- Problem to solve -
From the entries that follow, copy each line in which "vertices" appears.

Start of Source records

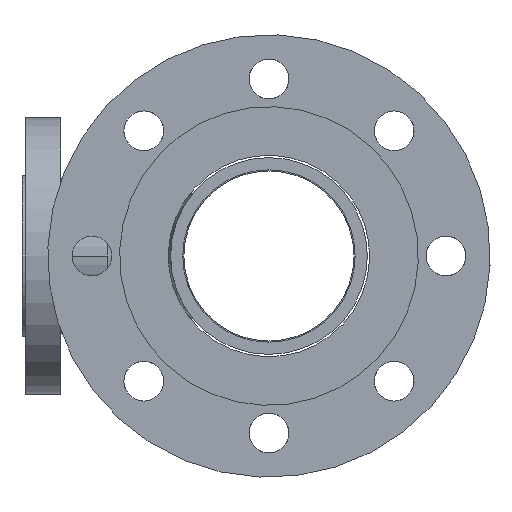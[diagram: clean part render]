
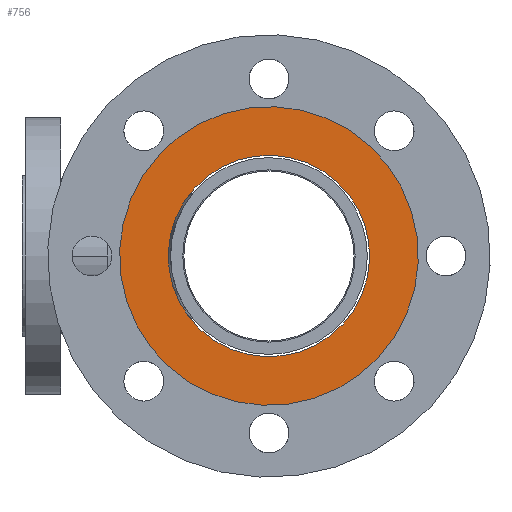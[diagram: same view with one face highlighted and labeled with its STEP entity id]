
A CAD part, left-side view. The second image highlights one B-rep face of the part: STEP entity #756.
In plain terms, the highlighted face is planar.
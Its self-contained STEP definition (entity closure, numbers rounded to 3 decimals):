
#89 = CARTESIAN_POINT ( 'NONE',  ( -45.5, 0., 0. ) ) ;
#99 = VERTEX_POINT ( 'NONE', #3194 ) ;
#164 = CARTESIAN_POINT ( 'NONE',  ( 67.5, 0., 0. ) ) ;
#192 = DIRECTION ( 'NONE',  ( 1., 0., 0. ) ) ;
#209 = EDGE_LOOP ( 'NONE', ( #2244, #648 ) ) ;
#445 = CARTESIAN_POINT ( 'NONE',  ( -67.5, 0., 0. ) ) ;
#464 = CIRCLE ( 'NONE', #3320, 45.5 ) ;
#499 = EDGE_CURVE ( 'NONE', #2075, #2137, #3672, .T. ) ;
#537 = AXIS2_PLACEMENT_3D ( 'NONE', #1637, #2800, #192 ) ;
#648 = ORIENTED_EDGE ( 'NONE', *, *, #3316, .F. ) ;
#652 = DIRECTION ( 'NONE',  ( 1., 0., 0. ) ) ;
#756 = ADVANCED_FACE ( 'NONE', ( #1060, #1985 ), #813, .F. ) ;
#813 = PLANE ( 'NONE',  #2583 ) ;
#814 = ORIENTED_EDGE ( 'NONE', *, *, #2740, .T. ) ;
#846 = CARTESIAN_POINT ( 'NONE',  ( 0., 45.5, 0. ) ) ;
#984 = DIRECTION ( 'NONE',  ( 0., 0., 1. ) ) ;
#986 = DIRECTION ( 'NONE',  ( 0., 0., 1. ) ) ;
#1025 = CARTESIAN_POINT ( 'NONE',  ( 0., 0., 0. ) ) ;
#1060 = FACE_BOUND ( 'NONE', #209, .T. ) ;
#1637 = CARTESIAN_POINT ( 'NONE',  ( 0., 0., 0. ) ) ;
#1894 = EDGE_CURVE ( 'NONE', #99, #2914, #464, .T. ) ;
#1928 = DIRECTION ( 'NONE',  ( 0., 0., -1. ) ) ;
#1985 = FACE_OUTER_BOUND ( 'NONE', #2979, .T. ) ;
#2075 = VERTEX_POINT ( 'NONE', #164 ) ;
#2083 = AXIS2_PLACEMENT_3D ( 'NONE', #1025, #986, #2746 ) ;
#2124 = CARTESIAN_POINT ( 'NONE',  ( 0., 0., 0. ) ) ;
#2137 = VERTEX_POINT ( 'NONE', #445 ) ;
#2141 = DIRECTION ( 'NONE',  ( 1., 0., 0. ) ) ;
#2244 = ORIENTED_EDGE ( 'NONE', *, *, #1894, .F. ) ;
#2541 = AXIS2_PLACEMENT_3D ( 'NONE', #3215, #2936, #652 ) ;
#2583 = AXIS2_PLACEMENT_3D ( 'NONE', #846, #1928, #3661 ) ;
#2740 = EDGE_CURVE ( 'NONE', #2137, #2075, #3259, .T. ) ;
#2746 = DIRECTION ( 'NONE',  ( 1., 0., 0. ) ) ;
#2800 = DIRECTION ( 'NONE',  ( 0., 0., 1. ) ) ;
#2914 = VERTEX_POINT ( 'NONE', #89 ) ;
#2936 = DIRECTION ( 'NONE',  ( 0., 0., 1. ) ) ;
#2979 = EDGE_LOOP ( 'NONE', ( #3050, #814 ) ) ;
#3050 = ORIENTED_EDGE ( 'NONE', *, *, #499, .T. ) ;
#3194 = CARTESIAN_POINT ( 'NONE',  ( 45.5, 0., 0. ) ) ;
#3215 = CARTESIAN_POINT ( 'NONE',  ( 0., 0., 0. ) ) ;
#3259 = CIRCLE ( 'NONE', #537, 67.5 ) ;
#3316 = EDGE_CURVE ( 'NONE', #2914, #99, #3445, .T. ) ;
#3320 = AXIS2_PLACEMENT_3D ( 'NONE', #2124, #984, #2141 ) ;
#3445 = CIRCLE ( 'NONE', #2541, 45.5 ) ;
#3661 = DIRECTION ( 'NONE',  ( -1., 0., 0. ) ) ;
#3672 = CIRCLE ( 'NONE', #2083, 67.5 ) ;
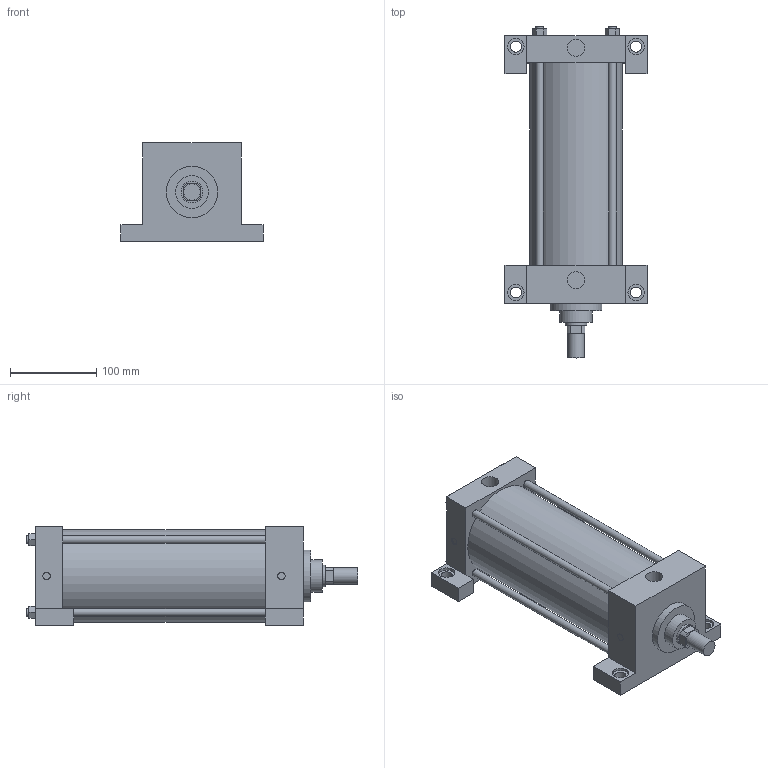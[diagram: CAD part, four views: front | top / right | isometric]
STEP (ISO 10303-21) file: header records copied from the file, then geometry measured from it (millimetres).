
FILE_DESCRIPTION((' Parasolid data model '),'2;1');
FILE_NAME('GSSL','1999-12-15T14:50:56+00:00',(' GSSL '),(' GSSL Pune '),'','GSSL Pune','Author');
FILE_SCHEMA(('CONFIG_CONTROL_DESIGN'));
Length unit declared in the file: millimetre
Bounding box: 165.1 x 385.76 x 114.3 mm (x, y, z)
Surface area: 200434.5 mm2 (no closed solid volume)
Topology: 0 solids, 5 shells, 110 faces, 270 edges, 189 vertices
Faces by surface type: plane 77, cylinder 33
Full cylindrical faces by diameter (mm): 8.731 x6, 8.763 x8, 12.7 x4, 19.05 x5, 19.844 x2, 25.4 x1, 38.1 x1, 60.325 x1, 107.95 x1
Entity records: 3095 total; most frequent: CARTESIAN_POINT 517, DIRECTION 501, ORIENTED_EDGE 424, EDGE_CURVE 236, VERTEX_POINT 184, EDGE_LOOP 182, AXIS2_PLACEMENT_3D 168, LINE 165
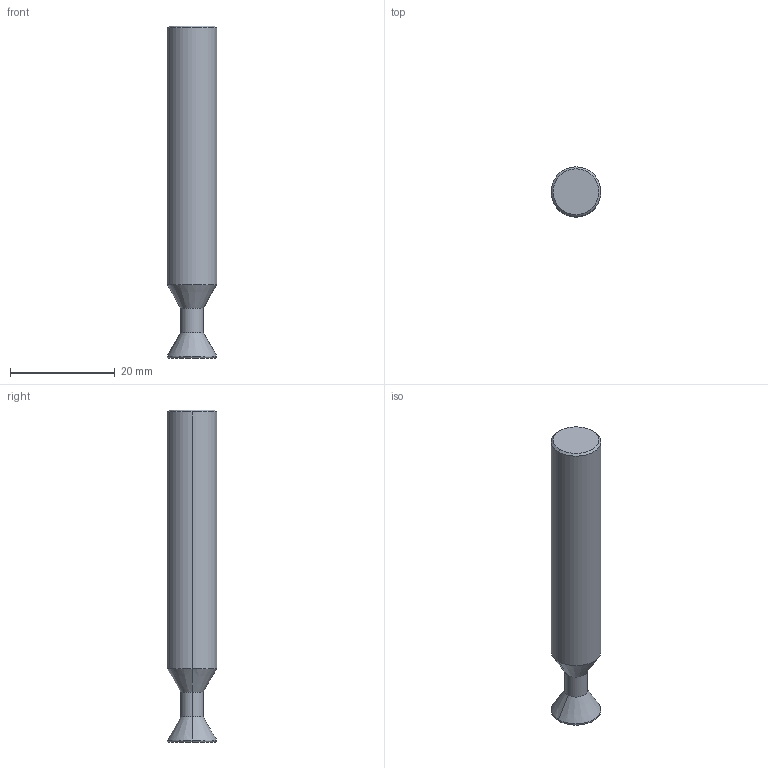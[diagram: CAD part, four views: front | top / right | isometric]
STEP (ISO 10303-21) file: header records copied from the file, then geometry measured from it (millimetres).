
FILE_DESCRIPTION (( 'STEP AP214' ), '1' );
FILE_NAME ('Micro_DT-375-060-010X.STEP', '2021-09-02T21:20:17', ( '' ), ( '' ), 'SwSTEP 2.0', 'SolidWorks 2020', '' );
FILE_SCHEMA (( 'AUTOMOTIVE_DESIGN' ));
Length unit declared in the file: inch
Products named in the file (1): Micro_DT-375-060-010X
Bounding box: 9.53 x 9.53 x 63.5 mm (x, y, z)
Volume: 3969.2 mm3; surface area: 1912.2 mm2
Topology: 1 solids, 1 shells, 14 faces, 26 edges, 14 vertices
Faces by surface type: cone 6, cylinder 4, torus 2, plane 2
Entity records: 386 total; most frequent: DIRECTION 72, CARTESIAN_POINT 55, ORIENTED_EDGE 52, AXIS2_PLACEMENT_3D 31, EDGE_CURVE 26, CIRCLE 16, FACE_OUTER_BOUND 14, VERTEX_POINT 14

End of Source records

- Response for this exercise -
Topology: 0 solids, 5 shells, 110 faces, 270 edges, 189 vertices
Topology: 1 solids, 1 shells, 14 faces, 26 edges, 14 vertices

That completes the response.